:: Data to examine
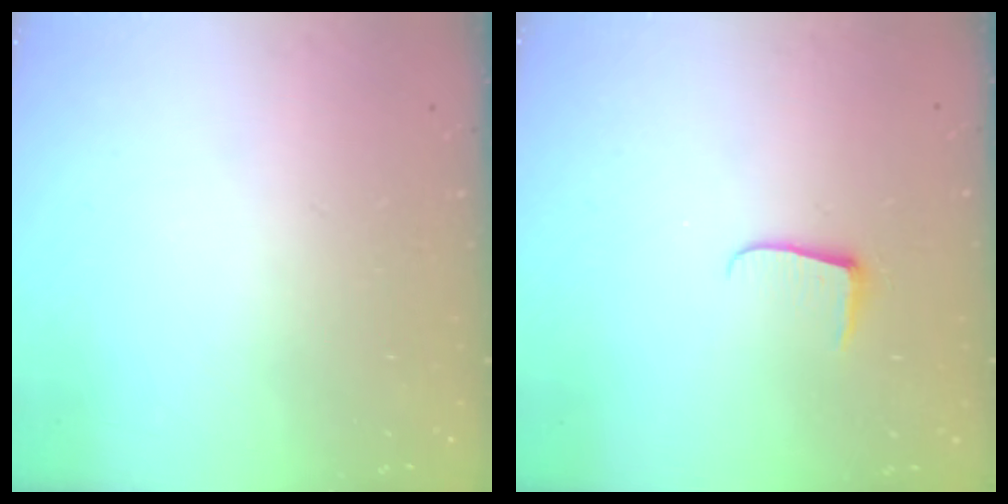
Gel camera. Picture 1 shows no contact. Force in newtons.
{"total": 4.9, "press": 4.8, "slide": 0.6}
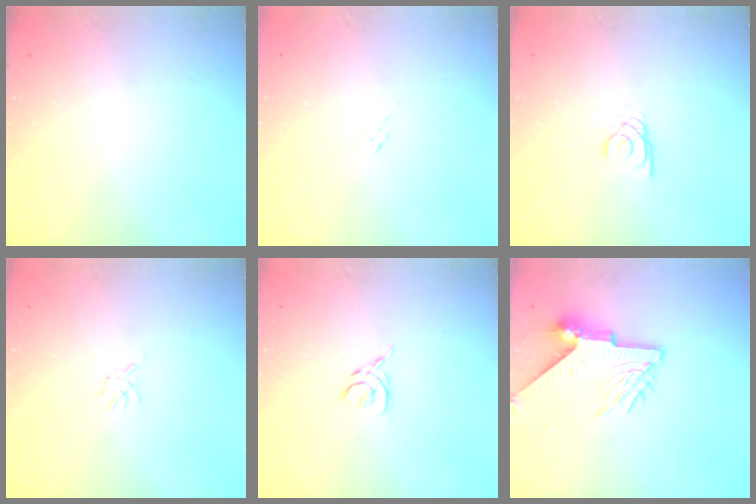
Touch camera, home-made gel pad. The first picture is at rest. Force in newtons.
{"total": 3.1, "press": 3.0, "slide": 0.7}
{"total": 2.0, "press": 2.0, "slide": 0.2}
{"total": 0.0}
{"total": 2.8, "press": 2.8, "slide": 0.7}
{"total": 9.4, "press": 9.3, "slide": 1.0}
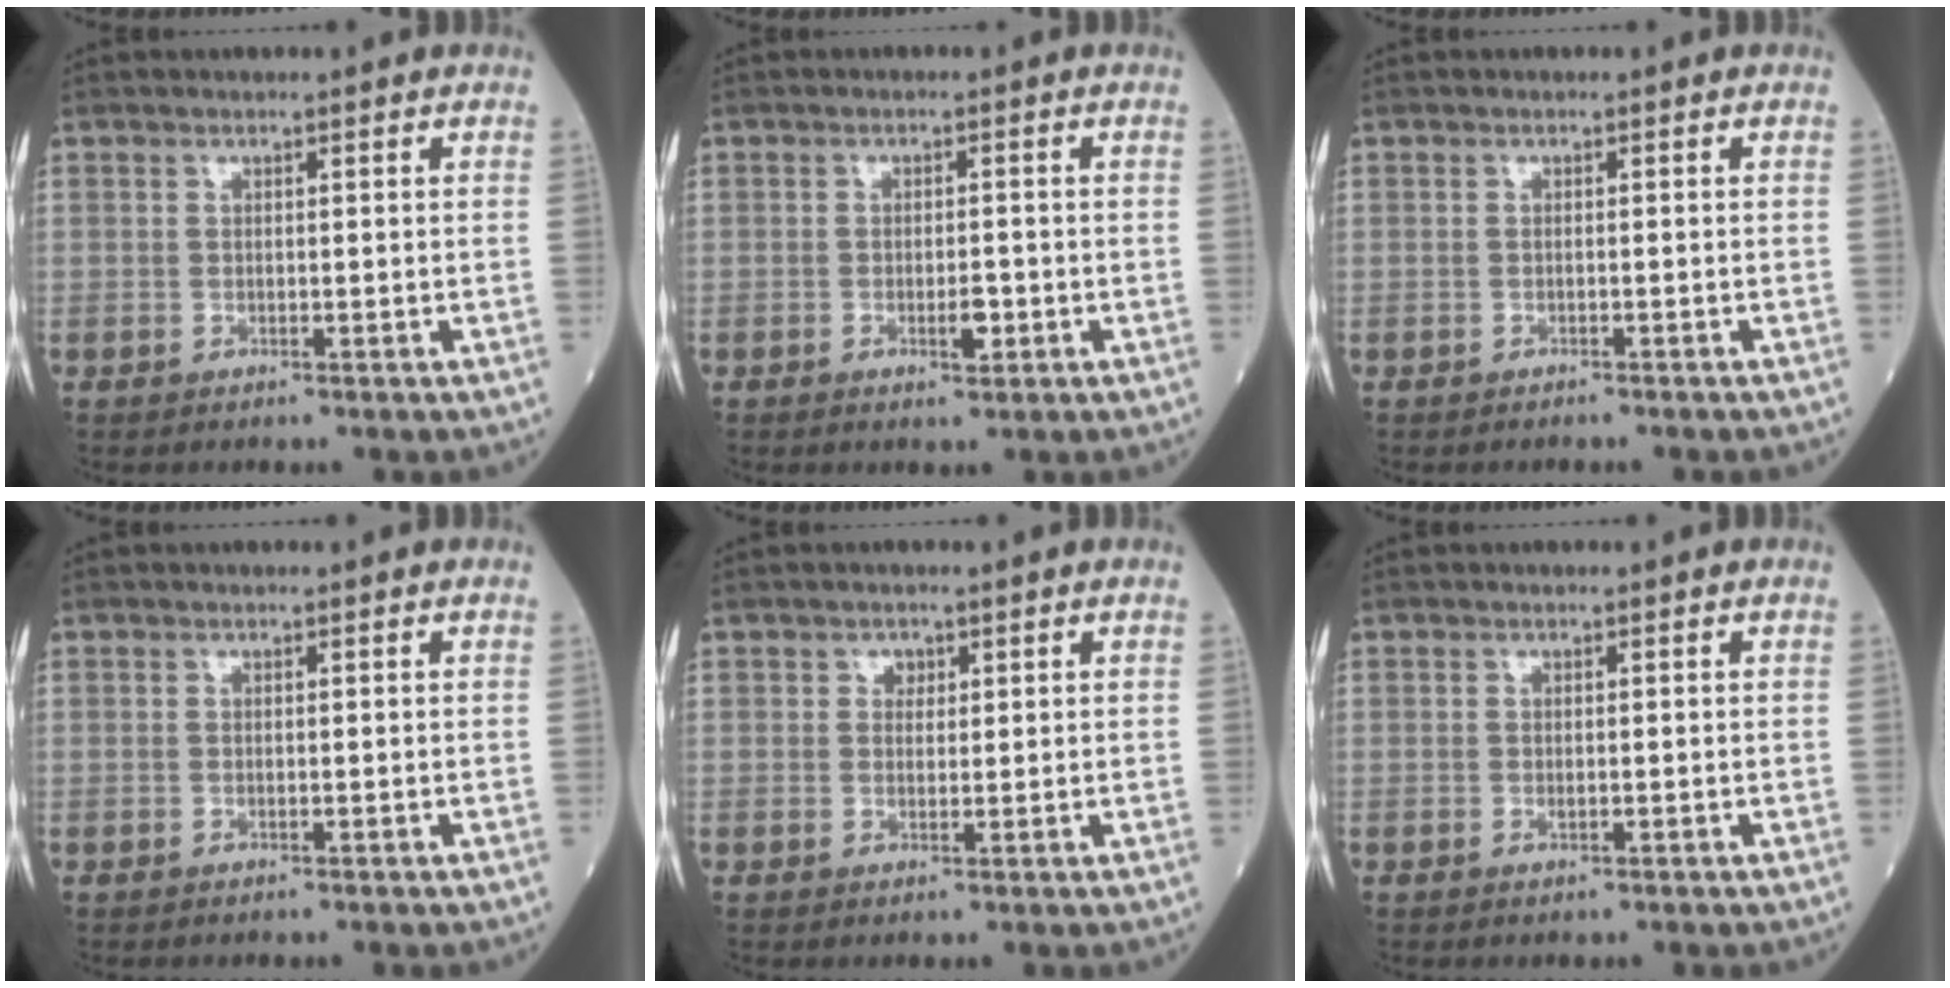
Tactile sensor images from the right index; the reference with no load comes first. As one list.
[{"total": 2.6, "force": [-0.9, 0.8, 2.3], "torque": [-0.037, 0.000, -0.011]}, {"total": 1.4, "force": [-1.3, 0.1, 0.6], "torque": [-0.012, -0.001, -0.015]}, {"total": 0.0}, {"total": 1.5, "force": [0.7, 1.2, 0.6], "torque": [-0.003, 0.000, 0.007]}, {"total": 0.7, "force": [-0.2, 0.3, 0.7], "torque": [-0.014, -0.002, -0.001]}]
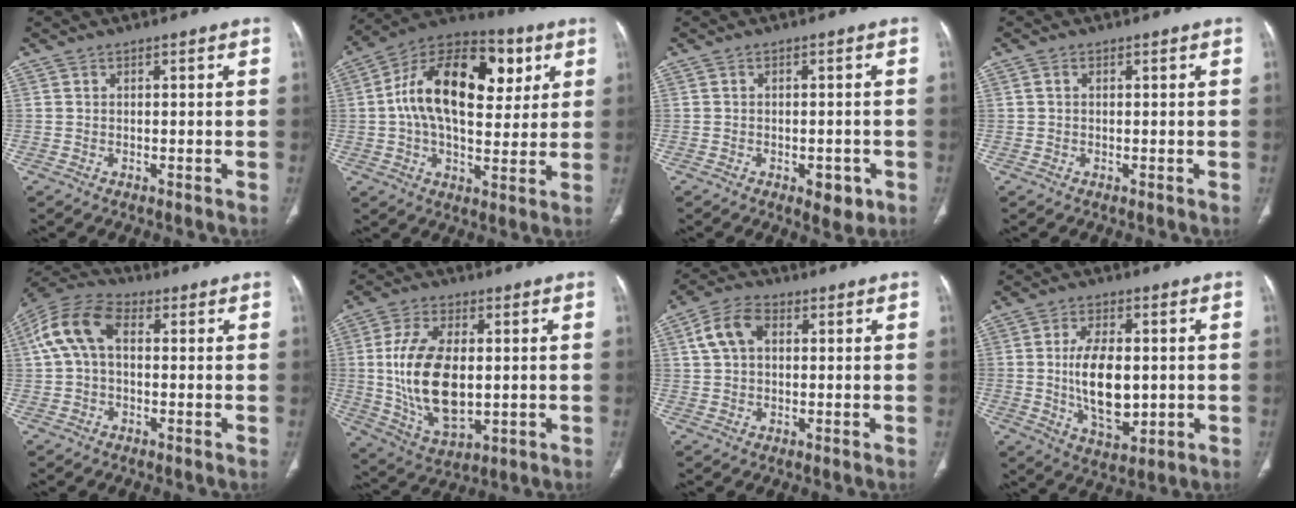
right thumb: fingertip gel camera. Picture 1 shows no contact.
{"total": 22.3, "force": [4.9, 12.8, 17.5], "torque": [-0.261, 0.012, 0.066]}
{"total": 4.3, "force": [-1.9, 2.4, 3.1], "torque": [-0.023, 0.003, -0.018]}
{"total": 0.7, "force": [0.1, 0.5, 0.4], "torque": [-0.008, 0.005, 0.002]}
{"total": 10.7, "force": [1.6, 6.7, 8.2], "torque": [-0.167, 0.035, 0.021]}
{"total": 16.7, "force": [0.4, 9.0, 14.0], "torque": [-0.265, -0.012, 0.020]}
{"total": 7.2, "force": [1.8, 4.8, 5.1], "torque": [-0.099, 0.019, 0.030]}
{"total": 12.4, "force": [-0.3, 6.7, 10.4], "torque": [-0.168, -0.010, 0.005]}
::::
* [What is expected]: The response should be the lines from the one containing "right thumb: fingertip" through the last line of the data, set down exactly and with no other line.

* [Answer section]:
right thumb: fingertip gel camera. Picture 1 shows no contact.
{"total": 22.3, "force": [4.9, 12.8, 17.5], "torque": [-0.261, 0.012, 0.066]}
{"total": 4.3, "force": [-1.9, 2.4, 3.1], "torque": [-0.023, 0.003, -0.018]}
{"total": 0.7, "force": [0.1, 0.5, 0.4], "torque": [-0.008, 0.005, 0.002]}
{"total": 10.7, "force": [1.6, 6.7, 8.2], "torque": [-0.167, 0.035, 0.021]}
{"total": 16.7, "force": [0.4, 9.0, 14.0], "torque": [-0.265, -0.012, 0.020]}
{"total": 7.2, "force": [1.8, 4.8, 5.1], "torque": [-0.099, 0.019, 0.030]}
{"total": 12.4, "force": [-0.3, 6.7, 10.4], "torque": [-0.168, -0.010, 0.005]}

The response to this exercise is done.